Por ora, sem programas governamentais destinados a
estudar a Lua, o Brasil conta com um projeto privado, o Garatéa-L, que pretende
enviar um nanossatélite para a órbita lunar. “Colocar um equipamento próximo à
Lua e manobrá-lo pode permitir ao país entrar para um clube restrito”, afirma
Carlos Augusto Teixeira de Moura, presidente da Agência Espacial Brasileira
(AEB). “Seria uma demonstração de capacidade técnica que nos daria alguma voz
em um cenário internacional futuro.”
Antes que essas possibilidades se tornem realidade, no
entanto, é preciso recuperar a capacidade de voltar à Lua, algo que não será
tão fácil quanto Trump desejaria. Em 16 de maio, um projeto de lei da Câmara
dos Representantes dos Estados Unidos – o equivalente à Câmara dos Deputados
brasileira – adicionou US$ 1 bilhão ao orçamento da Nasa para o ano fiscal de
2020. Com o acréscimo, a agência deve receber cerca de US$ 23 bilhões, o
equivalente a cerca de 0,5% dos gastos federais norte-americanos, muito
distante dos 4% consumidos no auge do programa Apollo.

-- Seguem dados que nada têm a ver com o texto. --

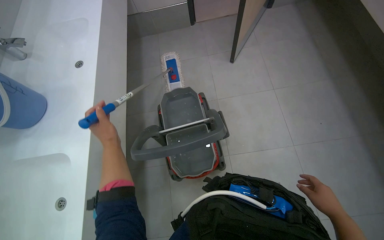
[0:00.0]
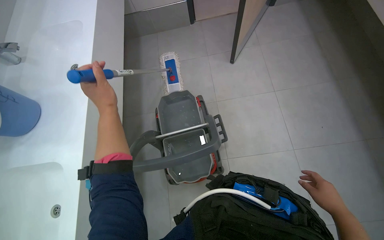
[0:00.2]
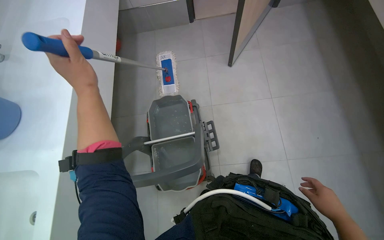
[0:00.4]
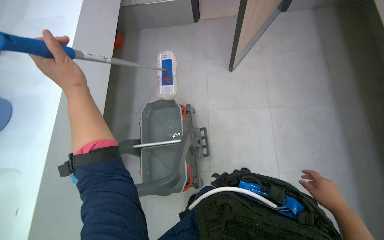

Mesmo com a
suplementação, a verba da agência deve ser insuficiente para o retorno à Lua
até 2024 – alguns especialistas estimam que seriam necessários acréscimos
anuais de US$ 5 bilhões a US$ 8 bilhões pelos próximos anos para atingir a
meta.
A verba adicional aprovada em maio é quase 40% inferior à
solicitada por Trump. Na véspera da aprovação, congressistas do Partido
Democrata, de oposição ao governo, viram com desconfiança a emenda orçamentária
da Casa Branca. “Vou reservar meu julgamento sobre o plano geral de pouso na
Lua até que o Congresso receba informações mais concretas sobre a iniciativa”,
declarou a deputada democrata Eddie Bernice Johnson, do Texas, que preside o
Comitê de Ciências da casa. Segundo reportagem de 16 de maio da revista SpaceNews,
especializada em política e negócios do setor espacial, Johnson está
interessada em conhecer algo ainda não revelado: o custo total e os detalhes
técnicos da missão.
Fonte: Revista Pesquisa FAPESP - Edição 280 - Junho de
2019
Comentário: Pois é leitor, pelo visto o Governo Trump
terá uma missão muito árdua para conseguir junto ao Congresso Americano a aprovação
das verbas extras para que a NASA possa cumprir essa Meta de 2024. No momento
eu até arriscaria dizer que, muito mais árdua nesse sentido do que foi para o
ex-presidente John Kennedy na época do Projeto Apollo. Sinceramente eu não acredito que nesse
momento essa meta seja cumprida em 2024 como deseja o Presidente Trump, mas
vamos ficar na torcida. Agora leitor, mudando para o nosso universo, as seguintes declarações do Presidente da AEB, o Sr. Carlos Moura, sobre a Missão Lunar Brasileira Garatéa-L, ou seja, “Colocar um equipamento próximo à Lua e manobrá-lo pode permitir ao país entrar para um clube restrito. Seria uma demonstração de capacidade técnica que nos daria alguma voz em um cenário internacional futuro”, nos trás a esperança de que os rumos dentro de nossa agencia espacial possam realmente caminhar em direção a luz e não da obscuridade e da inanição como ocorria na época das famosas coelhadas. Tomara, tomara mesmo que sim.